[Extracted data — start]

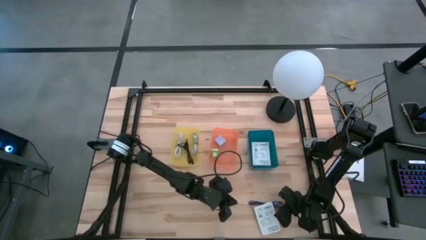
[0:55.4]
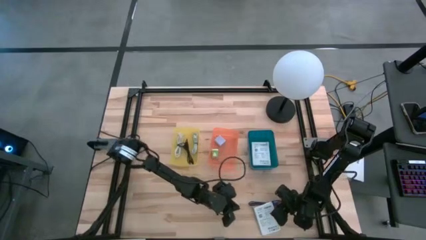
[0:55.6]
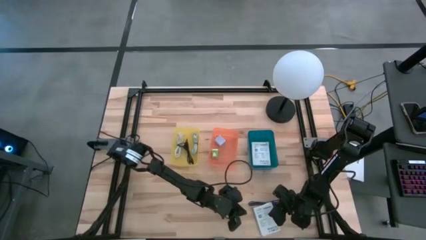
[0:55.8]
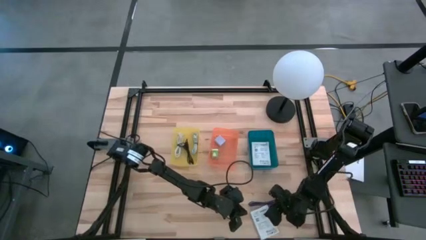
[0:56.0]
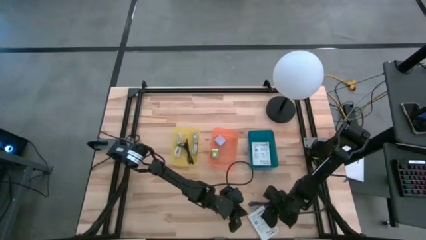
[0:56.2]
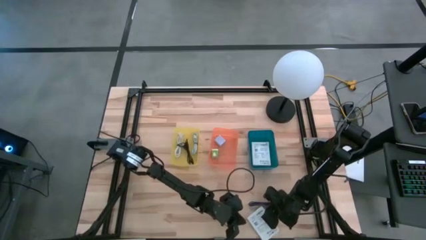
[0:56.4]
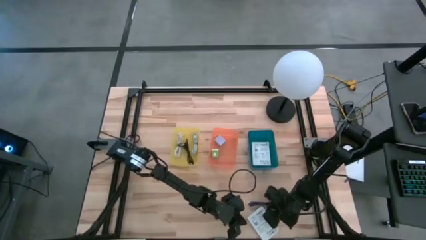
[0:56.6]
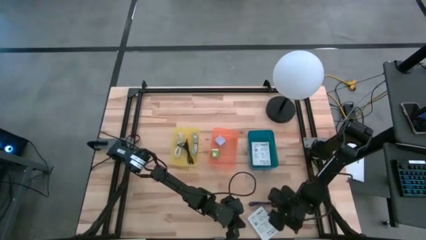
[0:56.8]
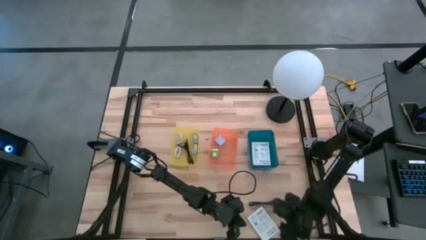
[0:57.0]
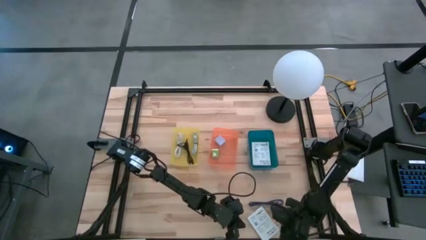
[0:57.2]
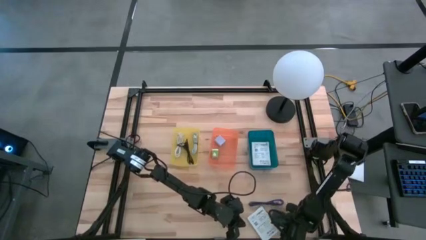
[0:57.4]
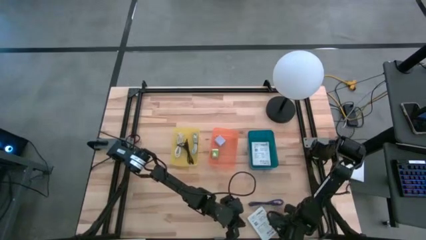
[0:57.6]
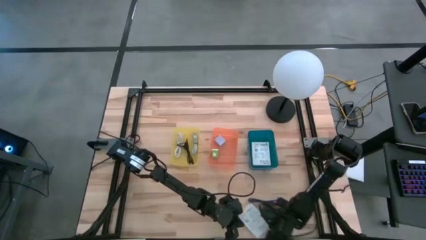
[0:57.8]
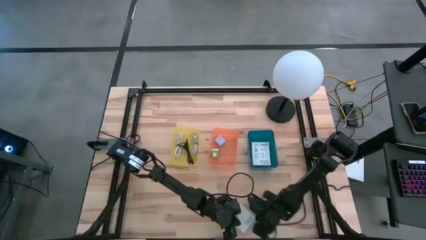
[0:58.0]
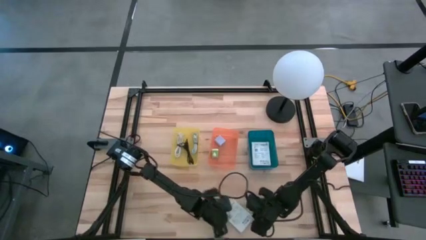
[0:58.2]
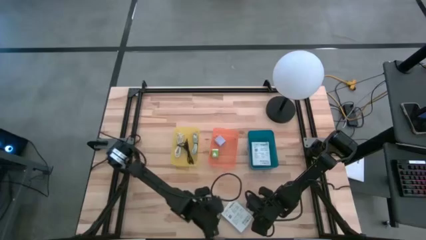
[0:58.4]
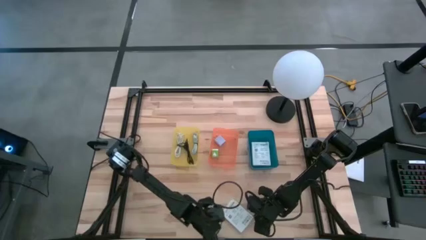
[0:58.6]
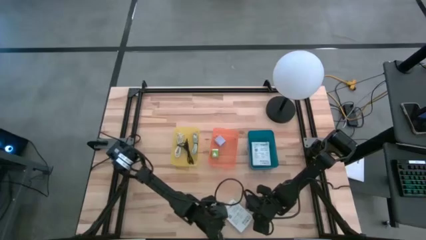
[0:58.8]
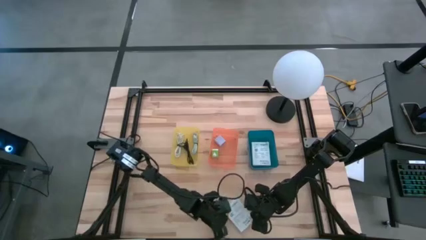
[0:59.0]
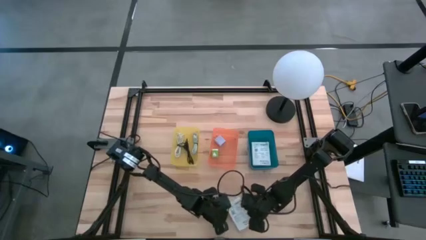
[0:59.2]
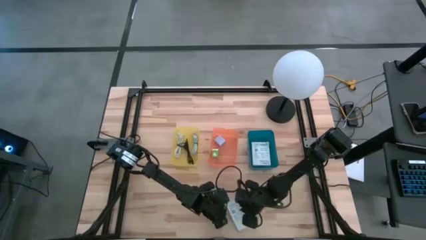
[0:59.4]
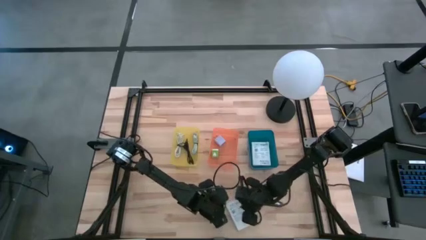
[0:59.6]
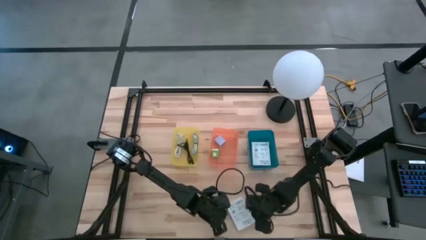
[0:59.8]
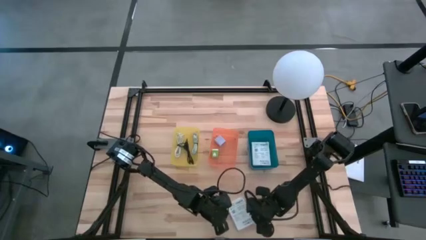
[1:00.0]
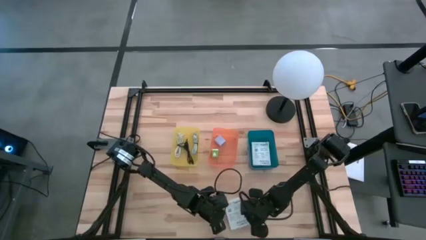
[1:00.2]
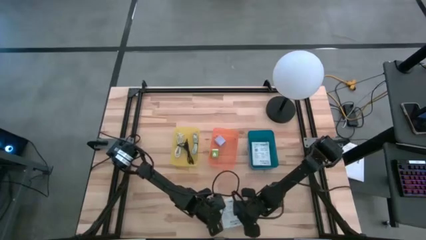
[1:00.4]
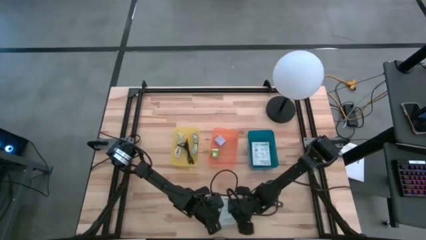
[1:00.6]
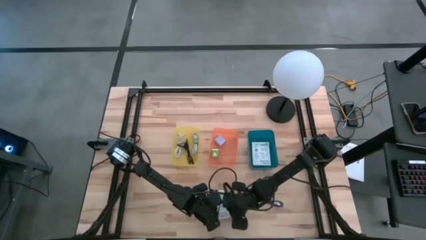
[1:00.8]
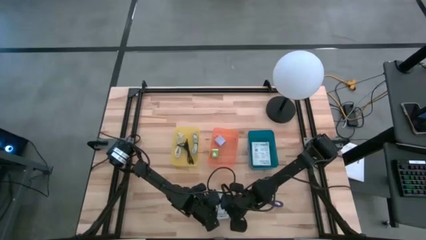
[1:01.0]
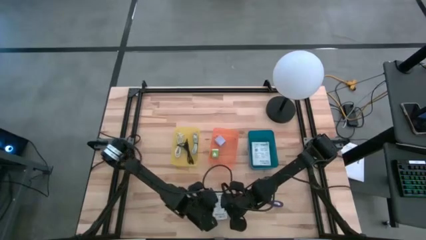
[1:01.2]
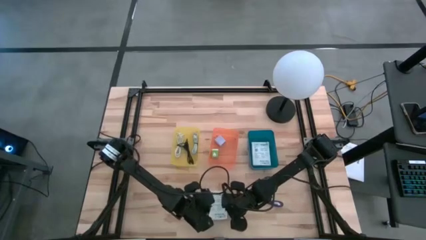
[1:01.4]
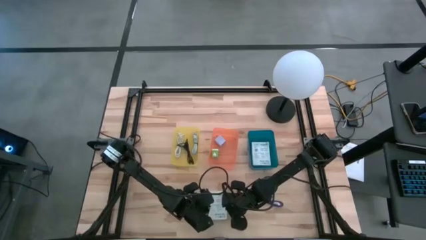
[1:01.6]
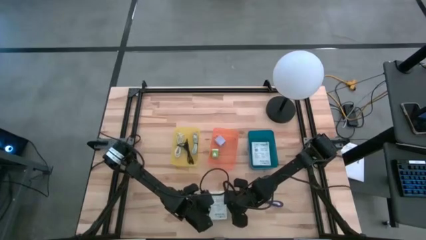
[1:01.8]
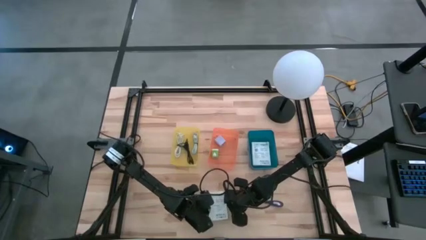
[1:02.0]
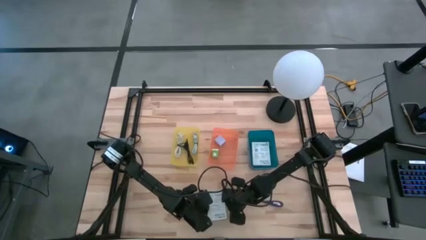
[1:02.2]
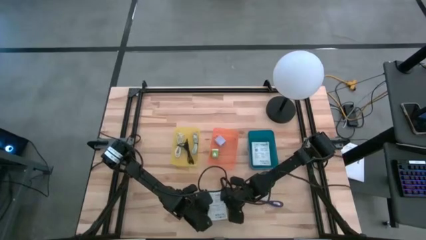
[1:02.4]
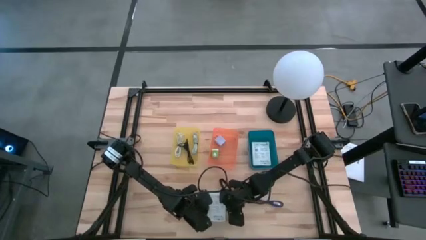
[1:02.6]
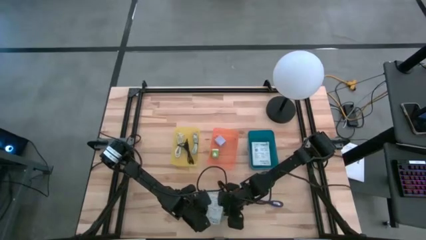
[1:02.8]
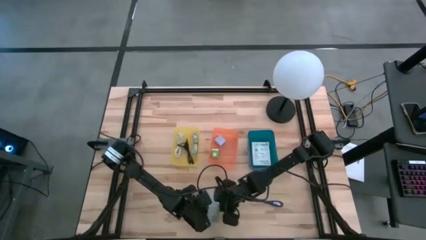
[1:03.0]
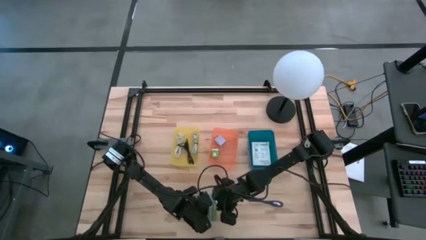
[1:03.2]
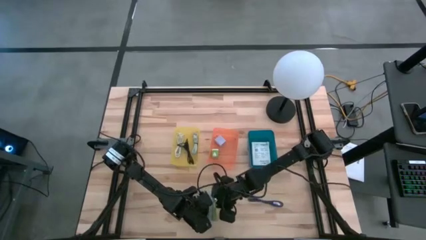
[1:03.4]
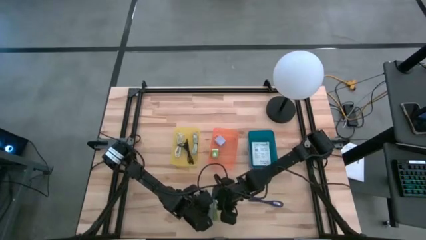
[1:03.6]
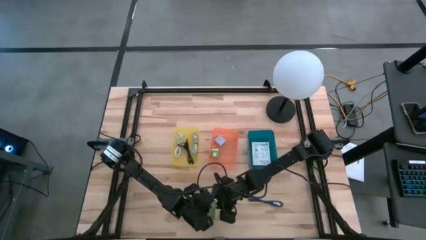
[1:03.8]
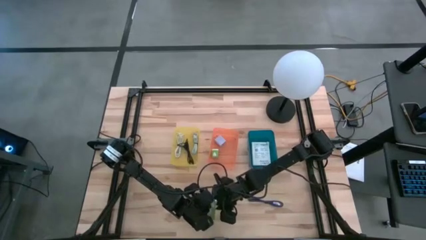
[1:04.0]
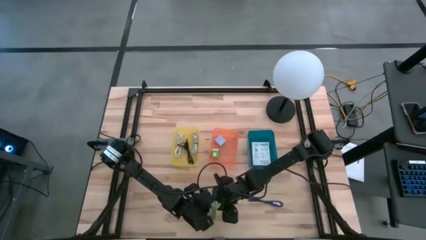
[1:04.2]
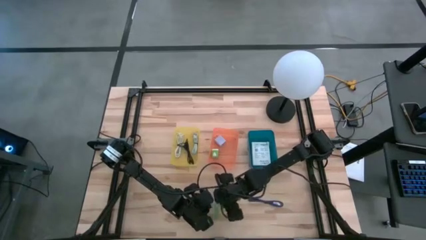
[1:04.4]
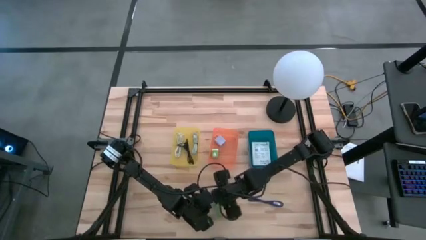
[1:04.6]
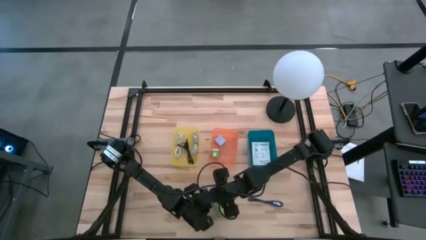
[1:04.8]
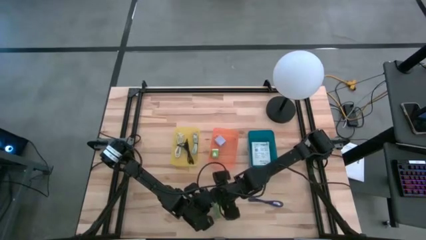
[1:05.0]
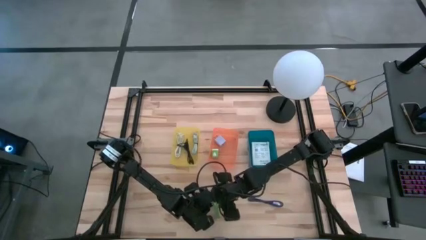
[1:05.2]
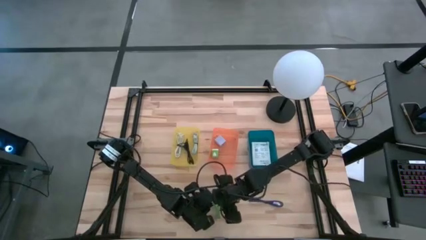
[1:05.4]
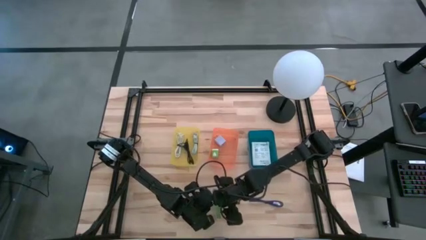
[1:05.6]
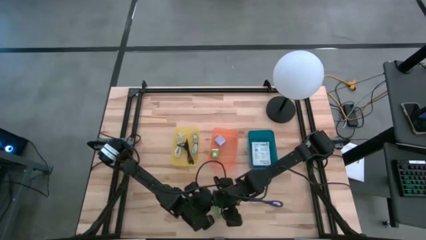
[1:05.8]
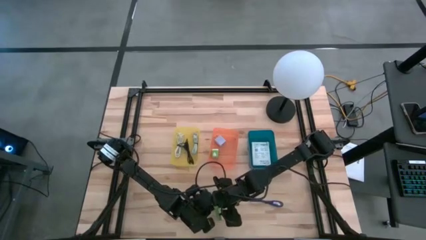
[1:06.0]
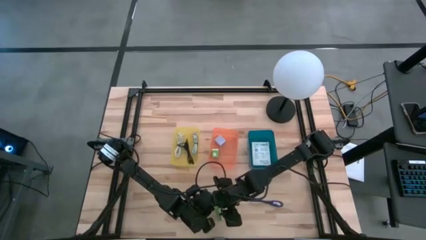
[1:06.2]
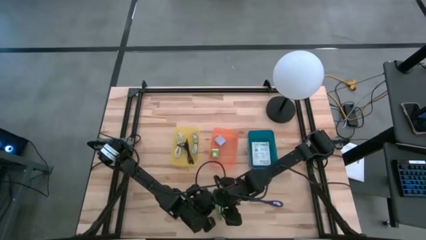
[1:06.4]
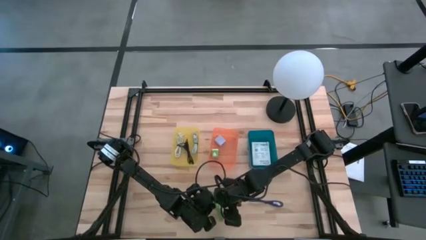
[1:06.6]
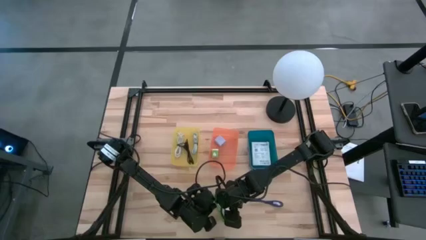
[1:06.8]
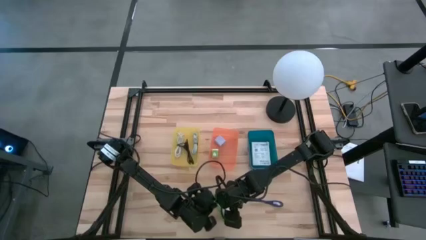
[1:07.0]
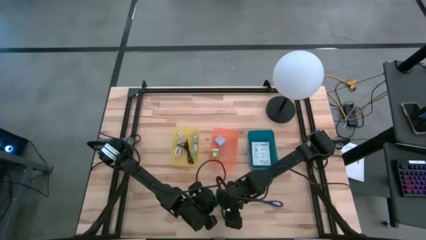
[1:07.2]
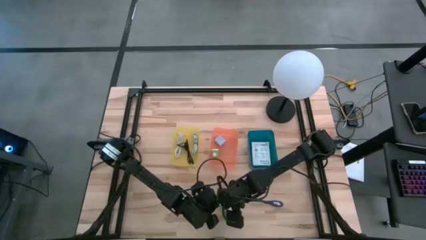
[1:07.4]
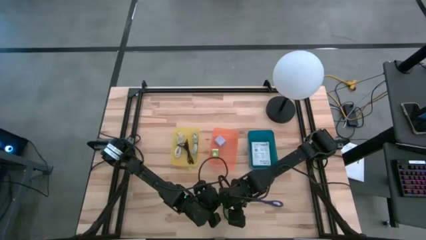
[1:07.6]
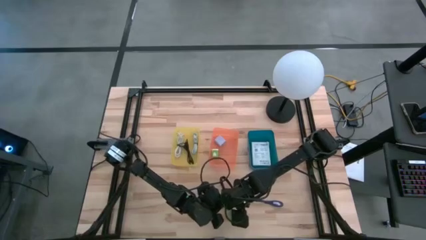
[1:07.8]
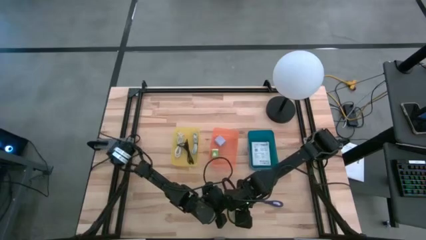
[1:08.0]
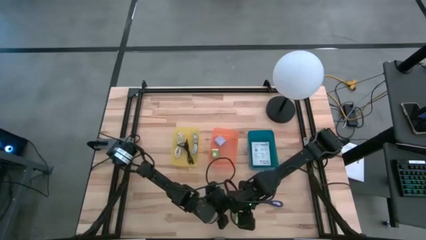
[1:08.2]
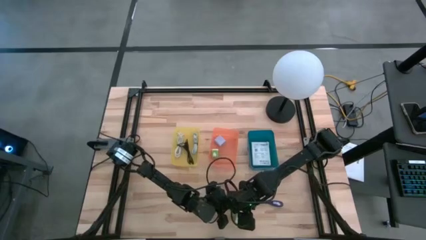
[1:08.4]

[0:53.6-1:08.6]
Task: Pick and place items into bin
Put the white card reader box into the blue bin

[Extracted data — finish]

_Your assignment:_ All of the records should be set down exactly, minus the pictures they hold.

_Answer space:_
[0:55.4]
[0:55.6]
[0:55.8]
[0:56.0]
[0:56.2]
[0:56.4]
[0:56.6]
[0:56.8]
[0:57.0]
[0:57.2]
[0:57.4]
[0:57.6]
[0:57.8]
[0:58.0]
[0:58.2]
[0:58.4]
[0:58.6]
[0:58.8]
[0:59.0]
[0:59.2]
[0:59.4]
[0:59.6]
[0:59.8]
[1:00.0]
[1:00.2]
[1:00.4]
[1:00.6]
[1:00.8]
[1:01.0]
[1:01.2]
[1:01.4]
[1:01.6]
[1:01.8]
[1:02.0]
[1:02.2]
[1:02.4]
[1:02.6]
[1:02.8]
[1:03.0]
[1:03.2]
[1:03.4]
[1:03.6]
[1:03.8]
[1:04.0]
[1:04.2]
[1:04.4]
[1:04.6]
[1:04.8]
[1:05.0]
[1:05.2]
[1:05.4]
[1:05.6]
[1:05.8]
[1:06.0]
[1:06.2]
[1:06.4]
[1:06.6]
[1:06.8]
[1:07.0]
[1:07.2]
[1:07.4]
[1:07.6]
[1:07.8]
[1:08.0]
[1:08.2]
[1:08.4]

[0:53.6-1:08.6]
Task: Pick and place items into bin
Put the white card reader box into the blue bin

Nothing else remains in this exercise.